(What the task asks): Starting at the line with "0.0 to 1.2 s: The", set down each line of the entries below through the last one, exactly as it stands.

(Data records):
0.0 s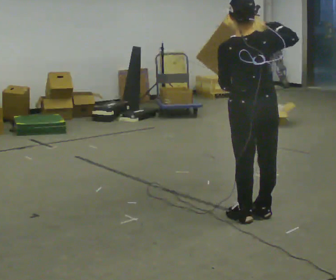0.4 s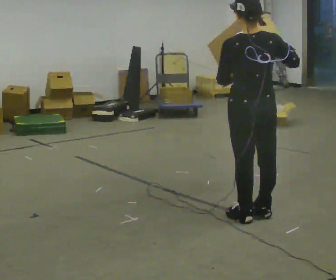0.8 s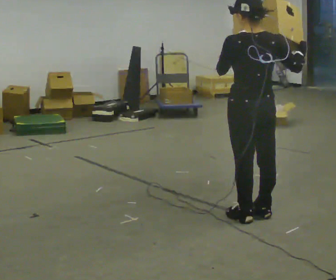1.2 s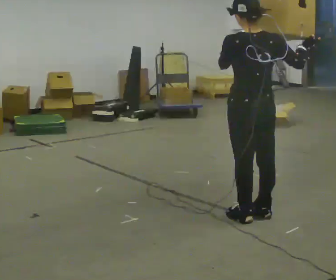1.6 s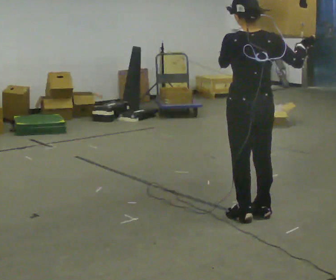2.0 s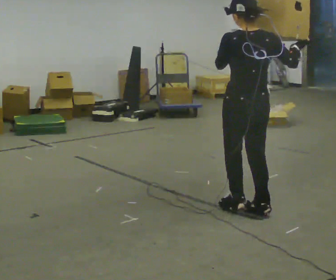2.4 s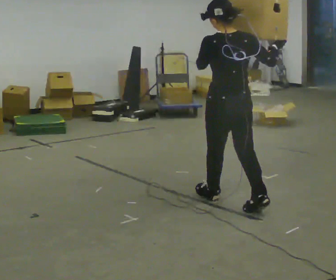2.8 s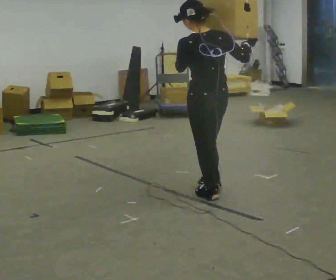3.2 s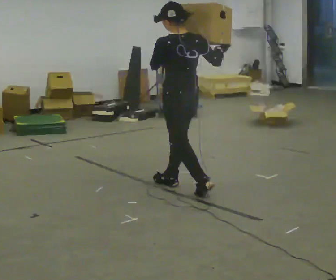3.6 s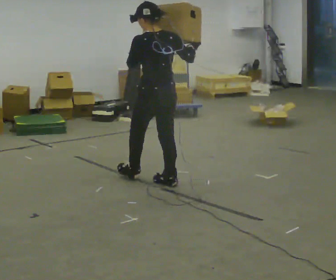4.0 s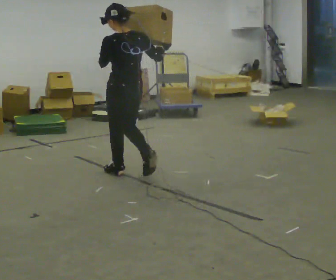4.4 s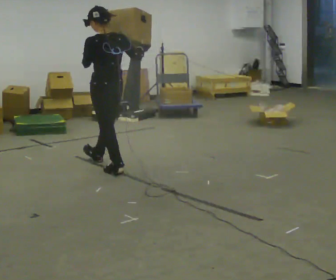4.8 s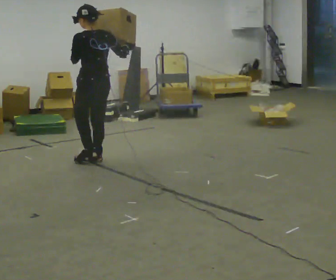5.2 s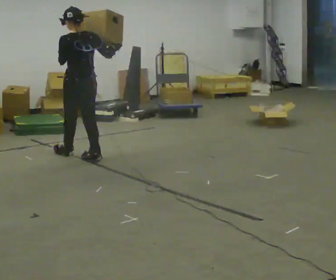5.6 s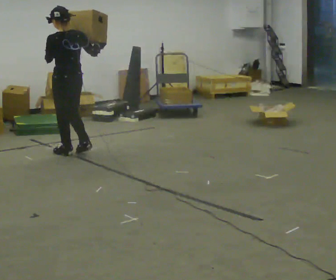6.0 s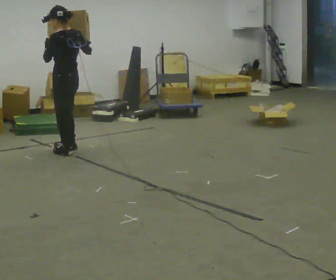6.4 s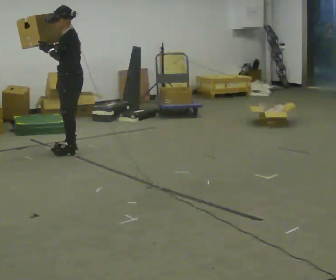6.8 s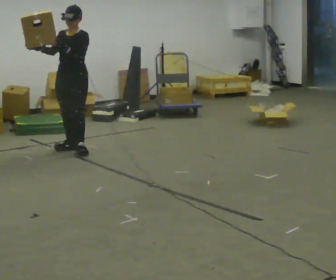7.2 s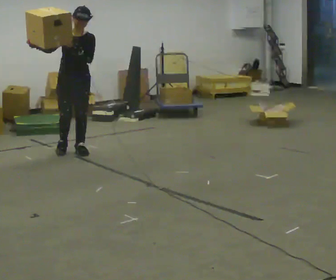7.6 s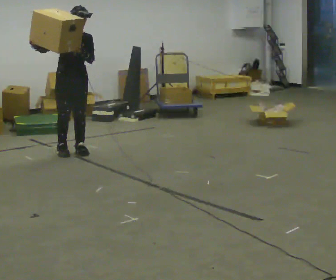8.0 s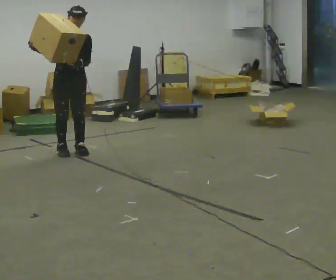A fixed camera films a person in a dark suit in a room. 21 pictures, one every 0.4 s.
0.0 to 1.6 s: The person moves a little, or ends about where they began.
1.6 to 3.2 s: Seen from above the body turns counterclockwise, about 30 degrees: to their left, with its near side sliding to the right. In the picture they go away from the camera and to the left, about 0.5 m in 2 steps, which for them is forward.
3.2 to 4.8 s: In the picture they go away from the camera and to the left, about 1 m in 2 steps, which for them is forward.
4.8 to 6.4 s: The person turns about 75 degrees to their left, counterclockwise seen from above, so the part of the body nearest the lens slides to the right. In the picture they go away from the camera and to the left, about 0.5 m in 2 steps.
6.4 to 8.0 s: Seen from above the body turns counterclockwise, about 75 degrees: to their left, with its near side sliding to the right.
The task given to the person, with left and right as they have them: Carry the box and, while walking, shift it to a different hold: front, then hip, then shoulder, then back to front. Do not stop walking.
The film runs forward here.
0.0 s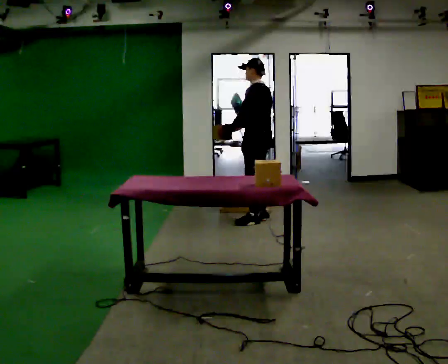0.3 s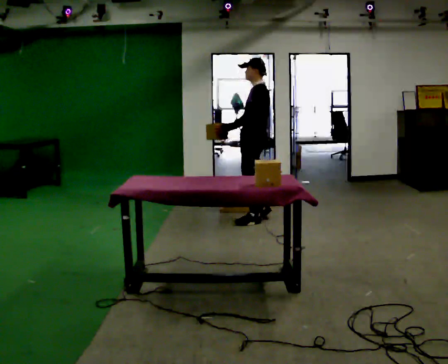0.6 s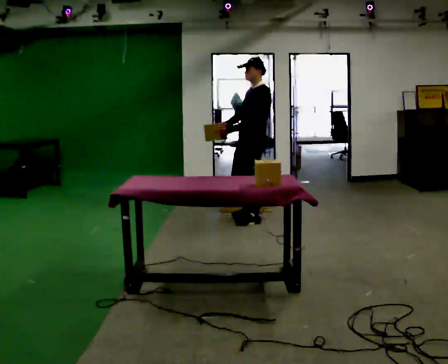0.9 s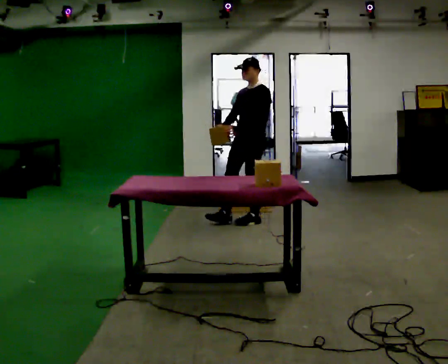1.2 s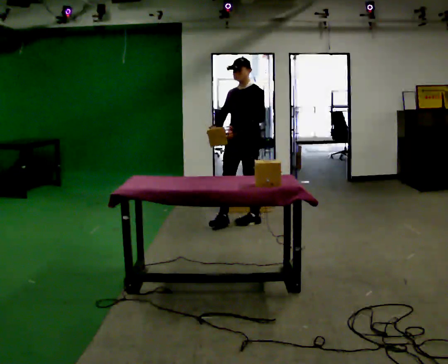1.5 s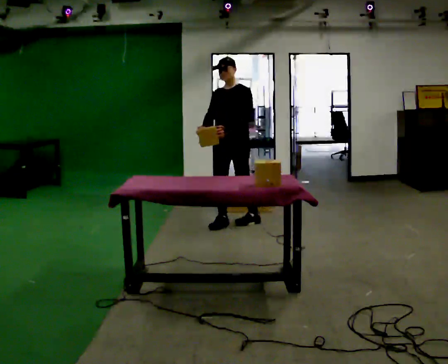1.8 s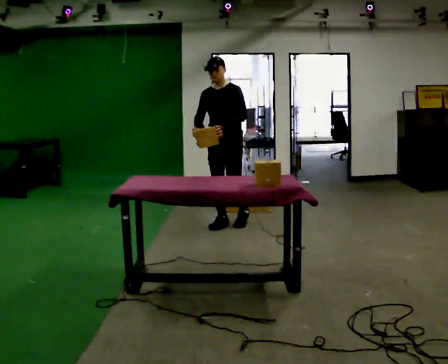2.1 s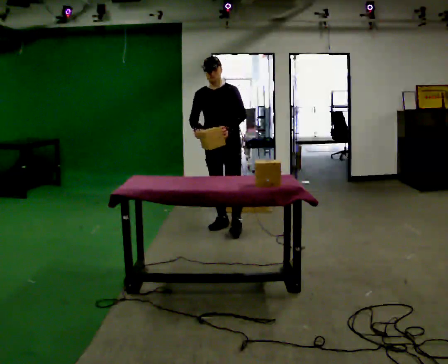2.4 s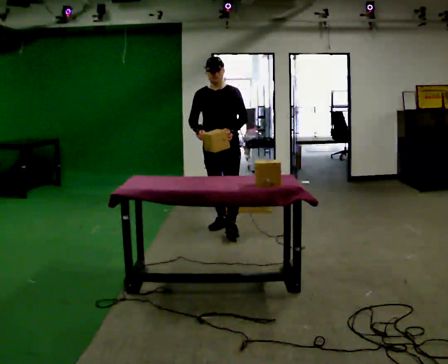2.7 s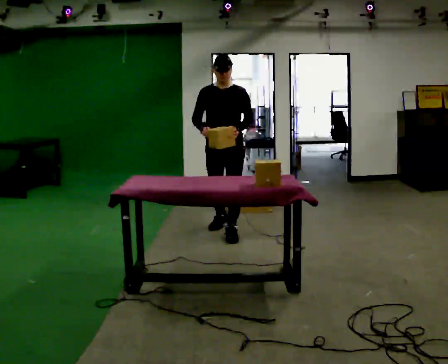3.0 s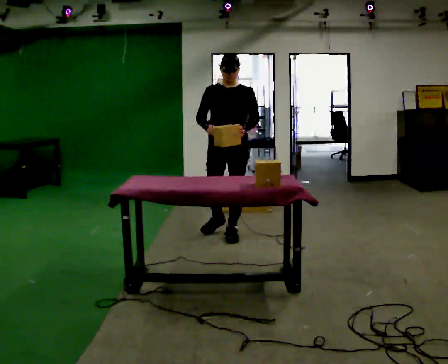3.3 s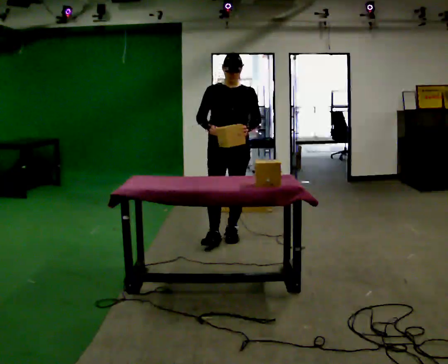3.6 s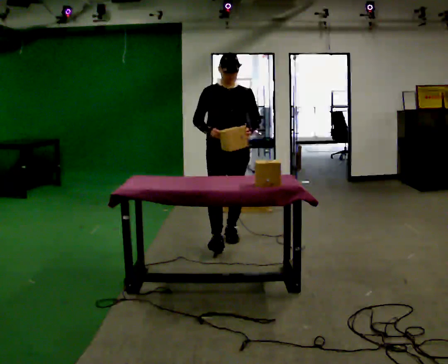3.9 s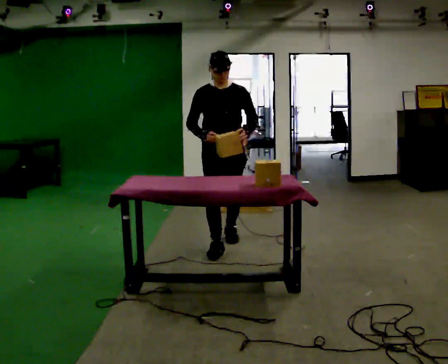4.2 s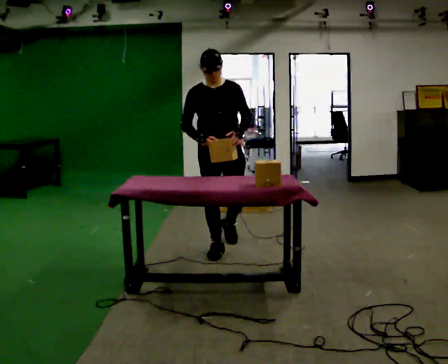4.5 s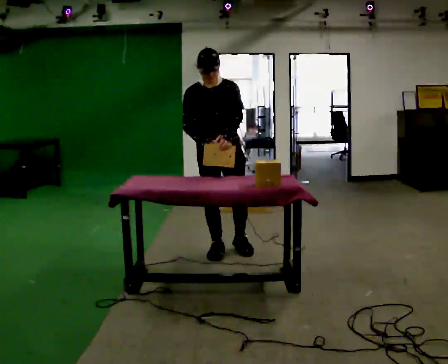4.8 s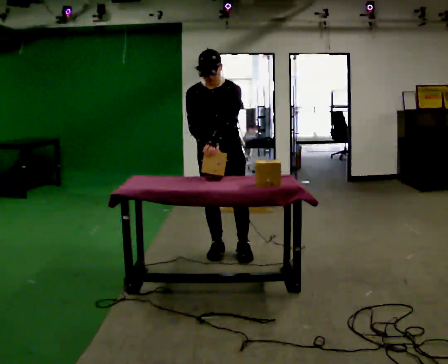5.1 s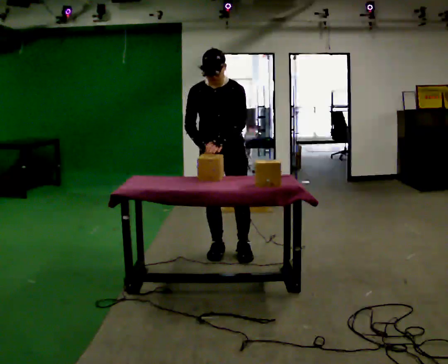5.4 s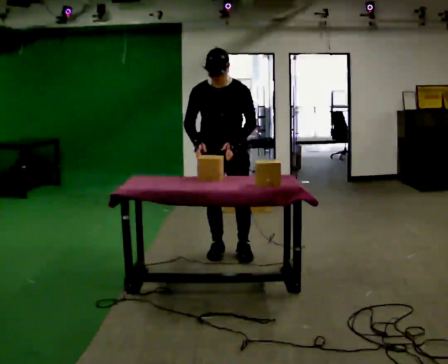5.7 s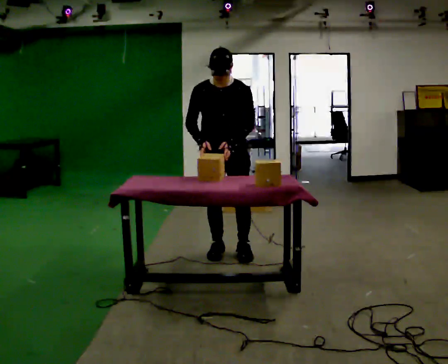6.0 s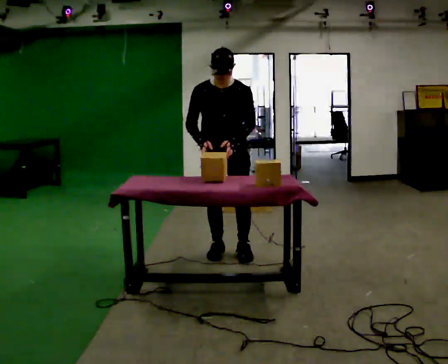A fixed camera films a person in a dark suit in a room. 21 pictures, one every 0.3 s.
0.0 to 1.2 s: The part of the body nearest the lens slides to the right as the person turns to their left by about 75 degrees. In the picture they go to the left, about 0.25 m in 1 step.
1.2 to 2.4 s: The part of the body nearest the lens slides to the right as the person turns to their left by about 30 degrees. In the picture they go to the left and toward the camera, about 0.25 m in 1 step, which for them is forward and to their right.
2.4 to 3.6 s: In the picture they go toward the camera, about 0.5 m in 1 step, which for them is forward.
3.6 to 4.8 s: In the picture they go toward the camera, about 0.25 m in 1 step, which for them is forward. The upper body tips toward the camera, its near side rolling downward, as they bend forward.
4.8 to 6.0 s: The person moves a little, or ends about where they began.
The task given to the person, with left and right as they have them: Reach down into the deep bin on the floor, take out one object at a time, carry it to the shelf, and come back for the next one. Keep going until the operator says stop; one object at a time, and do not rush between trips.
The film runs forward here.

(Answer to this problem):
0.0 to 1.2 s: The part of the body nearest the lens slides to the right as the person turns to their left by about 75 degrees. In the picture they go to the left, about 0.25 m in 1 step.
1.2 to 2.4 s: The part of the body nearest the lens slides to the right as the person turns to their left by about 30 degrees. In the picture they go to the left and toward the camera, about 0.25 m in 1 step, which for them is forward and to their right.
2.4 to 3.6 s: In the picture they go toward the camera, about 0.5 m in 1 step, which for them is forward.
3.6 to 4.8 s: In the picture they go toward the camera, about 0.25 m in 1 step, which for them is forward. The upper body tips toward the camera, its near side rolling downward, as they bend forward.
4.8 to 6.0 s: The person moves a little, or ends about where they began.
The task given to the person, with left and right as they have them: Reach down into the deep bin on the floor, take out one object at a time, carry it to the shelf, and come back for the next one. Keep going until the operator says stop; one object at a time, and do not rush between trips.
The film runs forward here.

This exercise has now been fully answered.